## Task to complete:
Below are entries. Copy exactly the lines running from the line that holds "<rect style='opacity:1.0;fill:#FFFFFF;stroke:none' width='1000'" to the line that holds "<path class='bond-5' d='M 385.22,611.521", with both ends included.

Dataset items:
_ _ _ _ _ _ _

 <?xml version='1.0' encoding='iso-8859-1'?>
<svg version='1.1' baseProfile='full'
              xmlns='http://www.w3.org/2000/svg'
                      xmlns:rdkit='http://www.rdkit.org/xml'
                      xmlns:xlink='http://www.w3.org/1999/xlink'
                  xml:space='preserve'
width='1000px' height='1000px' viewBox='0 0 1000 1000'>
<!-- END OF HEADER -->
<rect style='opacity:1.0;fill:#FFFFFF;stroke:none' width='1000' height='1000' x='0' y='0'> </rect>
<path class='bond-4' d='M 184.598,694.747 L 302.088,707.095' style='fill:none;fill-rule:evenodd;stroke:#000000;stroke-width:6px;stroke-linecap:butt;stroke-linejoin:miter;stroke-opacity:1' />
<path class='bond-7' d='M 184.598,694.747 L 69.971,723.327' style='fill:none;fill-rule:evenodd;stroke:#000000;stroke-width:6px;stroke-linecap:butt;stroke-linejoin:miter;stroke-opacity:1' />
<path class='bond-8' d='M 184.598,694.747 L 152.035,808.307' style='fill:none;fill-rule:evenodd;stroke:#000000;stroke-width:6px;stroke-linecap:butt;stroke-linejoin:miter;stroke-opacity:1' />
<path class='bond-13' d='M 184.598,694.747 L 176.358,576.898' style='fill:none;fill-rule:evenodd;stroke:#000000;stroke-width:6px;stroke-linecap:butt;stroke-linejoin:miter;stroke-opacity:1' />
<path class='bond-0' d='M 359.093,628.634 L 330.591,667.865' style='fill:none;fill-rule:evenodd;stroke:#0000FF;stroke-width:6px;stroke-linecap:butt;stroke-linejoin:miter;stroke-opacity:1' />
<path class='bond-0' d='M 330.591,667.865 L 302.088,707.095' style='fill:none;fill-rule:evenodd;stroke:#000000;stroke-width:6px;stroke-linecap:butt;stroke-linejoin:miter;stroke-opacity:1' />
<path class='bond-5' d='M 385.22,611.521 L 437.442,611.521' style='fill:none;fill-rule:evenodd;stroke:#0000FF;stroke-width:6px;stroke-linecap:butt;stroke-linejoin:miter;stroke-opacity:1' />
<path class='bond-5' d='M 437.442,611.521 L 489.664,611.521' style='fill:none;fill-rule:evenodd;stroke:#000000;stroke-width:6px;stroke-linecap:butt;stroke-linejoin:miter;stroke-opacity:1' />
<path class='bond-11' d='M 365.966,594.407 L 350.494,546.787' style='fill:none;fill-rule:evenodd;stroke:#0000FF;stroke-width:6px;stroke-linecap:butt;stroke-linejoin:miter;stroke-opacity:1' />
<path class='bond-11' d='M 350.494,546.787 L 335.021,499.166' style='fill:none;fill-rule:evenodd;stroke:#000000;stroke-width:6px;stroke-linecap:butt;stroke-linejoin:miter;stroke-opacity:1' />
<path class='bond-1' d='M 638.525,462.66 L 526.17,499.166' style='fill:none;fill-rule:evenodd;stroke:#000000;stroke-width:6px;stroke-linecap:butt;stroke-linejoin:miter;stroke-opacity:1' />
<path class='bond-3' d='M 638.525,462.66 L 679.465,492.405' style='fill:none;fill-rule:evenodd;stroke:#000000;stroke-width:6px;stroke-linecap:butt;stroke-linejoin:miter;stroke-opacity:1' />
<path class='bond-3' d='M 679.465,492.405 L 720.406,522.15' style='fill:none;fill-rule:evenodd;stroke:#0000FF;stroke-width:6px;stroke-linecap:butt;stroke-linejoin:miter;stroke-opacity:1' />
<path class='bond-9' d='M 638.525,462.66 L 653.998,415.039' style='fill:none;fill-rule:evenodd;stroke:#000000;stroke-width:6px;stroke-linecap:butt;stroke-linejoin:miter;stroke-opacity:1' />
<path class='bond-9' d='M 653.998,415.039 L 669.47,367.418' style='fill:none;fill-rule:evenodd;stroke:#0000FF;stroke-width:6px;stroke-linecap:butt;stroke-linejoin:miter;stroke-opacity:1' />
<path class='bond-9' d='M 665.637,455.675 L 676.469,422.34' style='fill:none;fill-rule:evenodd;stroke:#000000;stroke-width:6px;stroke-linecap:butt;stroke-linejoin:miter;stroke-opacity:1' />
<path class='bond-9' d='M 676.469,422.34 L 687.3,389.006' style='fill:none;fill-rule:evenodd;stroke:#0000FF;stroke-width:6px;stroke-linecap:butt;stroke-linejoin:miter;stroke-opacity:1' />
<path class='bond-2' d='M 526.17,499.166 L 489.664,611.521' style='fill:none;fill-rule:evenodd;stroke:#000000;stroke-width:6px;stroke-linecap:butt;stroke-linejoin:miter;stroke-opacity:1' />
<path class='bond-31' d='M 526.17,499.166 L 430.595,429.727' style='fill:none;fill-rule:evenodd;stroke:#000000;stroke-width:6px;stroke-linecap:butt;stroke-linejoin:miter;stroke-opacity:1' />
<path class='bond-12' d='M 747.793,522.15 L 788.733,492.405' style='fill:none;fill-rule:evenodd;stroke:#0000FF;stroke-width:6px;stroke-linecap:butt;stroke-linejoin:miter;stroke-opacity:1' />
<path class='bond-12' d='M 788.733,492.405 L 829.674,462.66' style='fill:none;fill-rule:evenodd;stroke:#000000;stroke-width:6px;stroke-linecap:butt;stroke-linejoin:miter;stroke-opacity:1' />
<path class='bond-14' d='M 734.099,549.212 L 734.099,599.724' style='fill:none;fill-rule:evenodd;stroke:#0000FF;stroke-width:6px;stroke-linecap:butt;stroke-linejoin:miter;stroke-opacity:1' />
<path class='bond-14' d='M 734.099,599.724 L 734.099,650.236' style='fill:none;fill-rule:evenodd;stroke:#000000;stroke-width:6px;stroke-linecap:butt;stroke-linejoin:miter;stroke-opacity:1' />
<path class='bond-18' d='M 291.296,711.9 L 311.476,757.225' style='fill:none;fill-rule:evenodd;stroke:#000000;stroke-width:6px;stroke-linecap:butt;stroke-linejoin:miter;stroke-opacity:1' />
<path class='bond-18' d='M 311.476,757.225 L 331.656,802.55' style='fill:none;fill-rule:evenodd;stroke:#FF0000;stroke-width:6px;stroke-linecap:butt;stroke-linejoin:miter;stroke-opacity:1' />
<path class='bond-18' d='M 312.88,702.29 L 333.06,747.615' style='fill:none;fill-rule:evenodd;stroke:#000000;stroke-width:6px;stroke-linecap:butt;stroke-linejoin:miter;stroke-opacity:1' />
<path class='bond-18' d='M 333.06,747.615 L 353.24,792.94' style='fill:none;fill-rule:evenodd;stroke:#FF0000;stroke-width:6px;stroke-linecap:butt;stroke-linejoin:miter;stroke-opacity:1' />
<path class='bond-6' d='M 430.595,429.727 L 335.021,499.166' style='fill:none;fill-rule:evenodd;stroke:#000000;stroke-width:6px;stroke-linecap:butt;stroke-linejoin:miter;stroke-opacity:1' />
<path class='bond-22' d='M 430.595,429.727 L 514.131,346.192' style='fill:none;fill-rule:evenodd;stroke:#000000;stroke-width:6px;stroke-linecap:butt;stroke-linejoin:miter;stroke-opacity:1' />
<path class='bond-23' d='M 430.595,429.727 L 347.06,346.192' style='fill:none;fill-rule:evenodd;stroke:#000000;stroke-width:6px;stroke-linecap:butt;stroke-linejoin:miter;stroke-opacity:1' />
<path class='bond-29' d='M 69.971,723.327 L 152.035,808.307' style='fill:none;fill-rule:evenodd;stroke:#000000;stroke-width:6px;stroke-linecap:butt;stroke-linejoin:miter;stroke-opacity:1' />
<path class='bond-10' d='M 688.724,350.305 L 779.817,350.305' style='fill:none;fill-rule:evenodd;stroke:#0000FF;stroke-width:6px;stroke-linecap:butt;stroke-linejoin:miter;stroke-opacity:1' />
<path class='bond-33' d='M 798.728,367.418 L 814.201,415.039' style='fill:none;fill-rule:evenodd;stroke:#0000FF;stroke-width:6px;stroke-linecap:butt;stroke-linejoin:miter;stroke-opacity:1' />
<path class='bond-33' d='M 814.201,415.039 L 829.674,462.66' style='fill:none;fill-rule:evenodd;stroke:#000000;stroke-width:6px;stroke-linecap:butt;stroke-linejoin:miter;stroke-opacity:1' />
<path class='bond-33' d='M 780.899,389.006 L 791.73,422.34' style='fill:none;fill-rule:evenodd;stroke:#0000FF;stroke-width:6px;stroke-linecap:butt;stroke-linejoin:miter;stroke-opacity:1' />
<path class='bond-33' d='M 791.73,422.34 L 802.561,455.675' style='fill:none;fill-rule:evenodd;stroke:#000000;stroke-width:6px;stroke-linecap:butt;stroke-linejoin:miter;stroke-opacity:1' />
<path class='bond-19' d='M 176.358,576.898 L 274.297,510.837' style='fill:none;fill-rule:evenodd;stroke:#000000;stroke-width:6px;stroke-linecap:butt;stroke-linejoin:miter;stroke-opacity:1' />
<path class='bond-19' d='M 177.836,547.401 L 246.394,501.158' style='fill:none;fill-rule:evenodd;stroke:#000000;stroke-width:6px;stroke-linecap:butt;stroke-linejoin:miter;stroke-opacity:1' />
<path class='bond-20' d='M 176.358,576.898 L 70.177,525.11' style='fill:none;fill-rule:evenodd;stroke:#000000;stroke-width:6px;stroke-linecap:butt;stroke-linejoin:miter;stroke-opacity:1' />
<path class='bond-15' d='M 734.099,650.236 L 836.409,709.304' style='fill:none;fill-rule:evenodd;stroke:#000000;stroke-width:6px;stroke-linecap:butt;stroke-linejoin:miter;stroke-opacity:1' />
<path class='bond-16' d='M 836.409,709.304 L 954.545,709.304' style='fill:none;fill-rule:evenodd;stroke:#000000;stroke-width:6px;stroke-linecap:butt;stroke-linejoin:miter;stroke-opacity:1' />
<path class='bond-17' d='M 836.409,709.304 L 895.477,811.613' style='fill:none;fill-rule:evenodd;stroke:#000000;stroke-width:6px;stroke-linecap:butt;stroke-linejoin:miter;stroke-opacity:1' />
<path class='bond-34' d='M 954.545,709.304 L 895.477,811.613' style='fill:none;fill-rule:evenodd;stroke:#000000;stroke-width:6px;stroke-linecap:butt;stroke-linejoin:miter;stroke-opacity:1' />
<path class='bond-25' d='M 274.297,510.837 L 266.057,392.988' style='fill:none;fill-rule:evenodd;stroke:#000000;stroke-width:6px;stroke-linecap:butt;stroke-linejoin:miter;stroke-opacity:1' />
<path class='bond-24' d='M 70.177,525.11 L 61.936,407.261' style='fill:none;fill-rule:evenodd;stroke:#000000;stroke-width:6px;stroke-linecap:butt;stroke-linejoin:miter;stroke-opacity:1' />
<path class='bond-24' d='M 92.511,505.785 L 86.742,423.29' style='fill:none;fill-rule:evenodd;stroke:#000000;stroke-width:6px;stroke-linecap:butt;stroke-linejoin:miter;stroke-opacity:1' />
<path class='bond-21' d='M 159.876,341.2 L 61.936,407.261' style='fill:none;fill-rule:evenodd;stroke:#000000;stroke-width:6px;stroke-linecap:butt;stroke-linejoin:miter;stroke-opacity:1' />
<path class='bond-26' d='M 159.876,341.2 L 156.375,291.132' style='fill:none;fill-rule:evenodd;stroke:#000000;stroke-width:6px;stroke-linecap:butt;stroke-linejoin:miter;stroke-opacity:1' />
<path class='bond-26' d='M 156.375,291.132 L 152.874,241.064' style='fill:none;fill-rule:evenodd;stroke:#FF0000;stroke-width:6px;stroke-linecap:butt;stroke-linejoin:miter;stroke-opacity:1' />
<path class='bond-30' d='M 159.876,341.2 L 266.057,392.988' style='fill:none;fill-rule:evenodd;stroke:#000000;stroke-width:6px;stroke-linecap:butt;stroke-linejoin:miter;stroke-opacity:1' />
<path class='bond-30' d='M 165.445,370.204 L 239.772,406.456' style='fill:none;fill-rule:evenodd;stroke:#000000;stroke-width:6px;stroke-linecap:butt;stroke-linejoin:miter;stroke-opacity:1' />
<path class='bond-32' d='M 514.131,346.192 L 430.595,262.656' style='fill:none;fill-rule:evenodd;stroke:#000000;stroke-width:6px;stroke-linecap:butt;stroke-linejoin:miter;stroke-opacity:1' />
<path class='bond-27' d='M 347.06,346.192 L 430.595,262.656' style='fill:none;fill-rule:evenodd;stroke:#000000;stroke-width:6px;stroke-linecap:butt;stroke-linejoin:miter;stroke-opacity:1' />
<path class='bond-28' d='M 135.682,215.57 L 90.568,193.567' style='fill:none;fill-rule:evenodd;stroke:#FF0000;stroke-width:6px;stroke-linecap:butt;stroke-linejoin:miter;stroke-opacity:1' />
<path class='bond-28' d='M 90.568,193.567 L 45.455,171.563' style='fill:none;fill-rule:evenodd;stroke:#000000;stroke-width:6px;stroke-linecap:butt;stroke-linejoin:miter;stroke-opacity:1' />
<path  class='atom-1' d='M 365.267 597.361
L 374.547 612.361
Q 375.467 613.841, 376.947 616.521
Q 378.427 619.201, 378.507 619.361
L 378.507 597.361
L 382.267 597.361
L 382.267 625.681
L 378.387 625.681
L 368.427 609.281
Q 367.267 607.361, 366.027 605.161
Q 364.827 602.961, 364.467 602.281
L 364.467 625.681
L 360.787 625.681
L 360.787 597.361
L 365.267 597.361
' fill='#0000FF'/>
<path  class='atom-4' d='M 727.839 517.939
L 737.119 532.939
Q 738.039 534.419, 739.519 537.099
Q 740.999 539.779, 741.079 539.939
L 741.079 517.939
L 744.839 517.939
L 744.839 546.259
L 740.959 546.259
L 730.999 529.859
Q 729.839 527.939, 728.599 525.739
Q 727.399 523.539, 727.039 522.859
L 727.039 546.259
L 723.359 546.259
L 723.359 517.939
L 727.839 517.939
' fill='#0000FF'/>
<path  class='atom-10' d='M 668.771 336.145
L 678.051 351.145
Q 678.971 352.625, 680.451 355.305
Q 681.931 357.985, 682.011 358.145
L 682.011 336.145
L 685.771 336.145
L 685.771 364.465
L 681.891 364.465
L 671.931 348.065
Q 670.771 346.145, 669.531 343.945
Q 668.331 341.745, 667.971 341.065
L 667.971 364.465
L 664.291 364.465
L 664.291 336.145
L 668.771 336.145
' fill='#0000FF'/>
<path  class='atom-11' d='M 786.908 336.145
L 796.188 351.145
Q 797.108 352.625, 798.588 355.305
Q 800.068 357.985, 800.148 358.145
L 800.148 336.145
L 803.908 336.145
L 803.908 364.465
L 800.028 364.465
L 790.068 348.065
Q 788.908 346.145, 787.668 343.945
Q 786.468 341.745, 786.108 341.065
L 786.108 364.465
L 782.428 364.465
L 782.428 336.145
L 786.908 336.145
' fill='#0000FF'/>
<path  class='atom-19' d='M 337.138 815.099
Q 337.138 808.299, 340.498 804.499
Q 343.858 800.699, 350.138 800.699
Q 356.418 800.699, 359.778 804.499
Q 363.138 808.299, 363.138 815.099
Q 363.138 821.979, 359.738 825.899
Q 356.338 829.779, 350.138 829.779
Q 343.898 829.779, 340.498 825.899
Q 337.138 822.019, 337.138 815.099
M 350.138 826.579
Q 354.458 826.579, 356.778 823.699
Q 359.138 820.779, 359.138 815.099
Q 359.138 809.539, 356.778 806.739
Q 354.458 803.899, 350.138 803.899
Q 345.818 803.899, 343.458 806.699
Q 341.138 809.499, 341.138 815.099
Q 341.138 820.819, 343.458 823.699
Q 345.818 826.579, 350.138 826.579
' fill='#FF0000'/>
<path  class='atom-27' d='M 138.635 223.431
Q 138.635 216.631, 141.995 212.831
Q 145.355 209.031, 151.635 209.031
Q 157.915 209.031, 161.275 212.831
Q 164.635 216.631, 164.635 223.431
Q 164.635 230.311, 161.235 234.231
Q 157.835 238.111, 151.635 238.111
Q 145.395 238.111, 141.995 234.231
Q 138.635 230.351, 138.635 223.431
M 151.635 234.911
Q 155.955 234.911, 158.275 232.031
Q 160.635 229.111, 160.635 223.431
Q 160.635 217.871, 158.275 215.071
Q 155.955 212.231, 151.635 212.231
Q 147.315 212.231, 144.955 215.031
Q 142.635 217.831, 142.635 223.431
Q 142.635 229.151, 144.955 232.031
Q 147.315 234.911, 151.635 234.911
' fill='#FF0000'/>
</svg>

_ _ _ _ _ _ _

## Problem solution:
<rect style='opacity:1.0;fill:#FFFFFF;stroke:none' width='1000' height='1000' x='0' y='0'> </rect>
<path class='bond-4' d='M 184.598,694.747 L 302.088,707.095' style='fill:none;fill-rule:evenodd;stroke:#000000;stroke-width:6px;stroke-linecap:butt;stroke-linejoin:miter;stroke-opacity:1' />
<path class='bond-7' d='M 184.598,694.747 L 69.971,723.327' style='fill:none;fill-rule:evenodd;stroke:#000000;stroke-width:6px;stroke-linecap:butt;stroke-linejoin:miter;stroke-opacity:1' />
<path class='bond-8' d='M 184.598,694.747 L 152.035,808.307' style='fill:none;fill-rule:evenodd;stroke:#000000;stroke-width:6px;stroke-linecap:butt;stroke-linejoin:miter;stroke-opacity:1' />
<path class='bond-13' d='M 184.598,694.747 L 176.358,576.898' style='fill:none;fill-rule:evenodd;stroke:#000000;stroke-width:6px;stroke-linecap:butt;stroke-linejoin:miter;stroke-opacity:1' />
<path class='bond-0' d='M 359.093,628.634 L 330.591,667.865' style='fill:none;fill-rule:evenodd;stroke:#0000FF;stroke-width:6px;stroke-linecap:butt;stroke-linejoin:miter;stroke-opacity:1' />
<path class='bond-0' d='M 330.591,667.865 L 302.088,707.095' style='fill:none;fill-rule:evenodd;stroke:#000000;stroke-width:6px;stroke-linecap:butt;stroke-linejoin:miter;stroke-opacity:1' />
<path class='bond-5' d='M 385.22,611.521 L 437.442,611.521' style='fill:none;fill-rule:evenodd;stroke:#0000FF;stroke-width:6px;stroke-linecap:butt;stroke-linejoin:miter;stroke-opacity:1' />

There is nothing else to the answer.